Time line
On Wednesday June 9th the hosting provider for our UK1 hosting location executed planned routine maintenance on several of our servers. During the maintenance, servers were taken out of the production pool one by one.
At 1:45PM BST, during maintenance actions on one of the final servers, another server crashed due to an unrelated hardware failure. Because of this crash, some virtual machines were not moved to a healthy host in time. This caused downtime for some environments.
At 2:13PM SBT the maintenance was completed and our servers were back online. Most TOPdesk environments recovered quickly, but some took up to 45 minutes to start correctly.

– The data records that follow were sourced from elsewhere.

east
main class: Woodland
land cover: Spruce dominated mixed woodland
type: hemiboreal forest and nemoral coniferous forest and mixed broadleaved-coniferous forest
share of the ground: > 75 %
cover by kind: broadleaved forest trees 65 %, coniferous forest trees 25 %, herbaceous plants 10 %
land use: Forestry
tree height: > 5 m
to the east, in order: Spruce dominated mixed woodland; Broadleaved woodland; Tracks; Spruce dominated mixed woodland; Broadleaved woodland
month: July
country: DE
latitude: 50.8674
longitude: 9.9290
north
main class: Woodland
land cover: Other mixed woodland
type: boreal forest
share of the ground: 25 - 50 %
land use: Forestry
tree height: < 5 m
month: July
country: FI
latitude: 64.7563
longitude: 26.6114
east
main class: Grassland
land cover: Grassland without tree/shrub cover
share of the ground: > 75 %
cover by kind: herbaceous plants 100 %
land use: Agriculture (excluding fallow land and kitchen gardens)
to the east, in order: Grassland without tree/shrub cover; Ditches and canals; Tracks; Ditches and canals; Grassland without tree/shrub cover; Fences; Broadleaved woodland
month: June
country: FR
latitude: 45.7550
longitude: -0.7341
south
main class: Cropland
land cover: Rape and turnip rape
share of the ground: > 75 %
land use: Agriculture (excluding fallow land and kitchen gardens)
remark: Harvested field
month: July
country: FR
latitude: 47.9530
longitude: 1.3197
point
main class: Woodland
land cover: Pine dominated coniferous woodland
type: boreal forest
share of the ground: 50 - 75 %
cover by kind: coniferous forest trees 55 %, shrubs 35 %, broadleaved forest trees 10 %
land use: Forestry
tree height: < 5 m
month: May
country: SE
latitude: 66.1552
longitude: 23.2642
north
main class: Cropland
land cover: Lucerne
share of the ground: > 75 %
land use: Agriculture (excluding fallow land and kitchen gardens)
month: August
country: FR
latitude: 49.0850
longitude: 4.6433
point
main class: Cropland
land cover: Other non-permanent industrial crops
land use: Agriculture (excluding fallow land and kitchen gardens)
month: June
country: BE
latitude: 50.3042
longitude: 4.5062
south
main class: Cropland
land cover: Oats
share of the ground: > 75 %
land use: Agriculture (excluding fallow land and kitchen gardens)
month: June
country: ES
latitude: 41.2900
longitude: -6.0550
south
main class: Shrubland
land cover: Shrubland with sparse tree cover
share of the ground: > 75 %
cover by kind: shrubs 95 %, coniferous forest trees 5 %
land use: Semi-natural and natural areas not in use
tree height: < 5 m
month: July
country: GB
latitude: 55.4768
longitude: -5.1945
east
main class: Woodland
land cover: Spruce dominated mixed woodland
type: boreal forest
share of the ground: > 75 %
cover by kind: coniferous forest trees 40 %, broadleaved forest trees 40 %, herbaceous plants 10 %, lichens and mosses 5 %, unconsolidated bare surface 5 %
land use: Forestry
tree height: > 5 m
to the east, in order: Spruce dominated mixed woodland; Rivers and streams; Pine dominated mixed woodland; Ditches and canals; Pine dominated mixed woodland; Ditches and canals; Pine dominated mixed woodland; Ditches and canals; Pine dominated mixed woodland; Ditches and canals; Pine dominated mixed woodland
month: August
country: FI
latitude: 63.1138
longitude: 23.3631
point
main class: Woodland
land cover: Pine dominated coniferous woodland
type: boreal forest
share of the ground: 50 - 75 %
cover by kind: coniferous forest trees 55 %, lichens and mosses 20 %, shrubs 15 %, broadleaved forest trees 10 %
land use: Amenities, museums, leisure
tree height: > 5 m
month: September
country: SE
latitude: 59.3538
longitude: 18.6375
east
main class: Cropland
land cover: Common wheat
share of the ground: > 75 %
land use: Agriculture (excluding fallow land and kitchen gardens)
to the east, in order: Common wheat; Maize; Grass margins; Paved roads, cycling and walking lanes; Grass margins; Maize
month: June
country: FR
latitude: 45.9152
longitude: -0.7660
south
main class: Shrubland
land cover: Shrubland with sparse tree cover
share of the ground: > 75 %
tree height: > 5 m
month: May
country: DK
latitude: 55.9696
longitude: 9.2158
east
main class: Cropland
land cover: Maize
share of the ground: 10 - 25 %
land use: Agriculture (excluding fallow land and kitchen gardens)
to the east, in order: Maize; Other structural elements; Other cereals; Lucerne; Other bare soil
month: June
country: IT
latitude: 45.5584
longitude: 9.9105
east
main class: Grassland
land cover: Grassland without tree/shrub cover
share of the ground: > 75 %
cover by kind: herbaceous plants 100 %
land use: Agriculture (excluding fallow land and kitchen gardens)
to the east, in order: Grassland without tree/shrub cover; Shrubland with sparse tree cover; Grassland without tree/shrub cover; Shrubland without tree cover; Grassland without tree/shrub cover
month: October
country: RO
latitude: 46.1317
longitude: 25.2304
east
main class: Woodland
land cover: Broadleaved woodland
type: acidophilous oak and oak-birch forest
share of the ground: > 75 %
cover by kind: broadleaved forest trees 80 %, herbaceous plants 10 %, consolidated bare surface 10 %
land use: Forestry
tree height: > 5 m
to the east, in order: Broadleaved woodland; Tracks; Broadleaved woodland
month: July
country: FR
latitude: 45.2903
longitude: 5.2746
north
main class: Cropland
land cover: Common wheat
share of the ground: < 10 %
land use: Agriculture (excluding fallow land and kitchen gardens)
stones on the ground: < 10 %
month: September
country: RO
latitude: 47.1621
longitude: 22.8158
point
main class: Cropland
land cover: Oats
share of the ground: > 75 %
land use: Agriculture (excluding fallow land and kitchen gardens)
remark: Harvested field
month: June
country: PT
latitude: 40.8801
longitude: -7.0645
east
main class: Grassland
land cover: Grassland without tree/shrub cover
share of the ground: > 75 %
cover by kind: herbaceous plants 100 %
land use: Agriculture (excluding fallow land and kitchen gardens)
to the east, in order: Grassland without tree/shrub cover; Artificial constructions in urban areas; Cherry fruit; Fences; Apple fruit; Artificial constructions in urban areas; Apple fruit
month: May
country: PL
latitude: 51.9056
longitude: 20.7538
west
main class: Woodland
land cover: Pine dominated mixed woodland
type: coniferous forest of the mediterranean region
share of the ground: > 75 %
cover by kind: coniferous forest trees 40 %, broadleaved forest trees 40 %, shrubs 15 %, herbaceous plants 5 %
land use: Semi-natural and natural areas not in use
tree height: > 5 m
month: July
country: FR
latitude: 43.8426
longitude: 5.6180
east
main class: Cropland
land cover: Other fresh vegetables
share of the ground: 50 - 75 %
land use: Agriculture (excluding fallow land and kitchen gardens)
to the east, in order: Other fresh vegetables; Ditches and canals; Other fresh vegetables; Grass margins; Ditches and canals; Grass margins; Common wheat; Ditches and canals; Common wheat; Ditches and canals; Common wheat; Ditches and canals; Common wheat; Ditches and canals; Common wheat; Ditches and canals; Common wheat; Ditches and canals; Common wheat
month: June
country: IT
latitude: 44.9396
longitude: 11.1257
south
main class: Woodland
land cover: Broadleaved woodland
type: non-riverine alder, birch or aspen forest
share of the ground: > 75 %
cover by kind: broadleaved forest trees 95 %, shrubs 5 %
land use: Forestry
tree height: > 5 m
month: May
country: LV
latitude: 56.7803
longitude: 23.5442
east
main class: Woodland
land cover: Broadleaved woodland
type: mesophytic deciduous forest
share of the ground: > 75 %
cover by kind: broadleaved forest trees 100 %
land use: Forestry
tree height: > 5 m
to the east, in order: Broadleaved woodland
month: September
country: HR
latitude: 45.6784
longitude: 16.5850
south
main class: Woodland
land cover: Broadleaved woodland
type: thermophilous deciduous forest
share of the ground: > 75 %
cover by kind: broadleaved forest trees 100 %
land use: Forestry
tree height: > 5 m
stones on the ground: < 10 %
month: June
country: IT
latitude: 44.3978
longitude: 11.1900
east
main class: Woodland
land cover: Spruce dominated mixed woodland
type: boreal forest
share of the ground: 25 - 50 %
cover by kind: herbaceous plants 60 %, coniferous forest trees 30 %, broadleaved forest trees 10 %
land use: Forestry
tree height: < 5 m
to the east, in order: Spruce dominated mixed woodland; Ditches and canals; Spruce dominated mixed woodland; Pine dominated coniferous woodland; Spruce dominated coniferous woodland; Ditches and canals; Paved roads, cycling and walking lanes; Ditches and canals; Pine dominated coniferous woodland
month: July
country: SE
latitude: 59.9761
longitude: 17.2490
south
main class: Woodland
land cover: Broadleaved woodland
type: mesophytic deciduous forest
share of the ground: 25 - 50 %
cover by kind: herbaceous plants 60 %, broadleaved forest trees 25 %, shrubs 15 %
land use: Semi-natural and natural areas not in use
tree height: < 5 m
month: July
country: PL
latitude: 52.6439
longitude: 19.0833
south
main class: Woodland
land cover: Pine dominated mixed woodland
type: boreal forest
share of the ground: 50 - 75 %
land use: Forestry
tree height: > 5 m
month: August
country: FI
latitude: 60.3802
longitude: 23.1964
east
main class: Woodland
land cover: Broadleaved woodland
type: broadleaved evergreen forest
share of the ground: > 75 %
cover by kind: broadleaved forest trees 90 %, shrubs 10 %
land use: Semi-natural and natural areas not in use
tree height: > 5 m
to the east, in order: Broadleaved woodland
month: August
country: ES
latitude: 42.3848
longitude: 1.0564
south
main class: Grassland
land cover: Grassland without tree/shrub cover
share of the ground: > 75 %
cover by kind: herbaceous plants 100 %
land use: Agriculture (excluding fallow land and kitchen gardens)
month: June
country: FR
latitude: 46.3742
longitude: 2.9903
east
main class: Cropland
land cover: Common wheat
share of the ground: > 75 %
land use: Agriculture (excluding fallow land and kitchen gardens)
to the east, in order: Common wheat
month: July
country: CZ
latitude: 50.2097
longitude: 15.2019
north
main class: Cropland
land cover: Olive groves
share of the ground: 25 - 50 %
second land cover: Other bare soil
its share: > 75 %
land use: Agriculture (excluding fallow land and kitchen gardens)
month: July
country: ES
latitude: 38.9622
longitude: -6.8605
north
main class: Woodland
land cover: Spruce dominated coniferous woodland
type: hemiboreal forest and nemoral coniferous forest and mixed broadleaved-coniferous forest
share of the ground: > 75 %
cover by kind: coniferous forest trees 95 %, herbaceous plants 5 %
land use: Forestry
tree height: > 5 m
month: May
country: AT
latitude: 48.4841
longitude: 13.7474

While we were starting TOPdesk environments and verifying all services were back online, several customers reported their TOPdesk environment was much slower than usual after the disruption. We investigated the root cause of this problem, and found that due to the disruption one firewall ended up in an inconsistent state, causing traffic to that specific node to be dropped.
At 4:10PM BST all firewall configurations were restored to the correct state and performance was again back to normal.
Follow up actions
Monitoring on the firewall state is being implemented, allowing us to notice this issue much sooner should it occur again. We’re also working to update our firewall configuration to ensure the inconsistent state issue can’t reoccur.
A team is investigating what can be done to reduce the time it takes to start TOPdesk environments. This will reduce the recovery time for future disruptions.